When did you know you wanted to be a writer? And when did you know you were a writer?
I always wrote stories, poems throughout my childhood. But it wasn’t until I was a junior in college that I realized black women wrote books. It was a revelation. I switched my major to English. It took 10 years to write my first adult novel, Voodoo Dreams (St. Martins Press, 1993). (Louisiana had already captured my imagination!) Finishing that novel made me feel successful. Writing helped me heal so many childhood wounds. I had survived. It took three years for Voodoo Dreams to be published, but I had already learned that it’s not publishing per se that matters. It matters more to accomplish what is meaningful and hard. It was this lesson that prepared me for writing Towers Falling and Ghost Boys. Yes, the stories are hard but worth being told and risking failure. I’m glad I wrote these two books, in particular, even though, at times, the psychic and emotional cost was high.
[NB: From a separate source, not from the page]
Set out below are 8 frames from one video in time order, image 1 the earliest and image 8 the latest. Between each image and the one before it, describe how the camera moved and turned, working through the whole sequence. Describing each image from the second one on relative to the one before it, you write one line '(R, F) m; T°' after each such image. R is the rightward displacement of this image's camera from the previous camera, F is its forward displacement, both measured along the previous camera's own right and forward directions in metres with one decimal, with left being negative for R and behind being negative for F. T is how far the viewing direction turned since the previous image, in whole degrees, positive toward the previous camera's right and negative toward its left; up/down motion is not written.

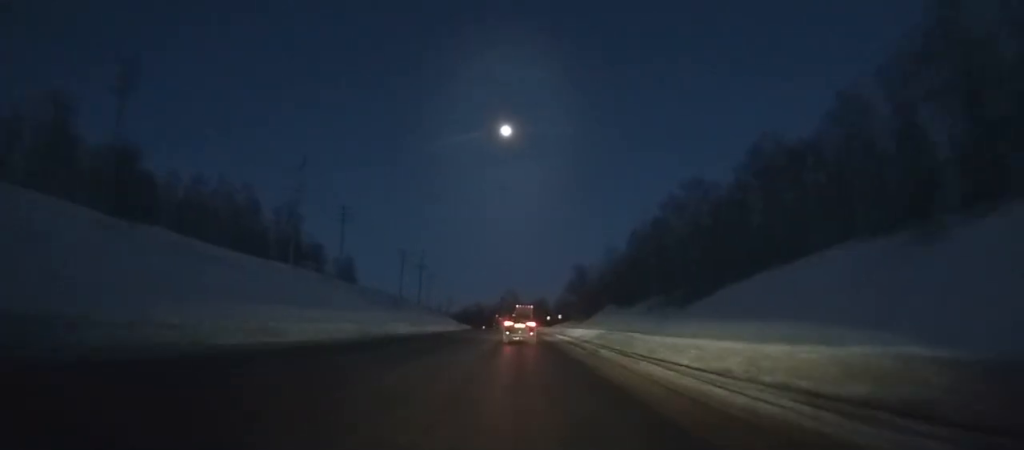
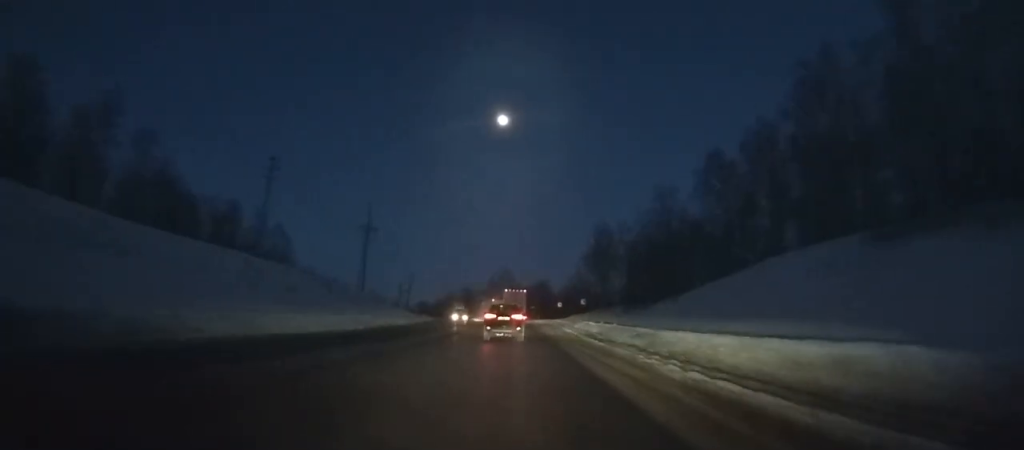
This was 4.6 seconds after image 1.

What are you working on currently and what can readers look forward to seeing from you soon?
Here is the description for Ghost Boys:
Twelve-year-old Jerome is shot by a police officer who mistakes his toy gun for a real
threat. As a ghost, he observes the devastation that’s been unleashed on his family and community in the wake of what they see as an unjust and brutal killing. Soon Jerome meets another ghost: Emmett Till, a boy from a very different time but similar circumstances. Emmett helps Jerome process what has happened, on a journey toward recognizing how historical racism may have led to the events that ended his life. Jerome also meets Sarah, the daughter of the police officer, who grapples with her father’s actions.
This story sounds bleak. But in a poem, the ghost boy, Jerome, writes:
Only the living can make
the world better.
Live and make it better.
Wow! It just occurred to me that this is my personal call—another way of expressing my desire to be “valiant.” Maybe this is why it took so long for me to fulfill my dream to be a children’s author? I had to survive my childhood pain. By living, loving, I’ve made my life better. My writing seeks to remind everyone—but especially children—that no matter how hard life seems to be, they can and should “live and make it better.”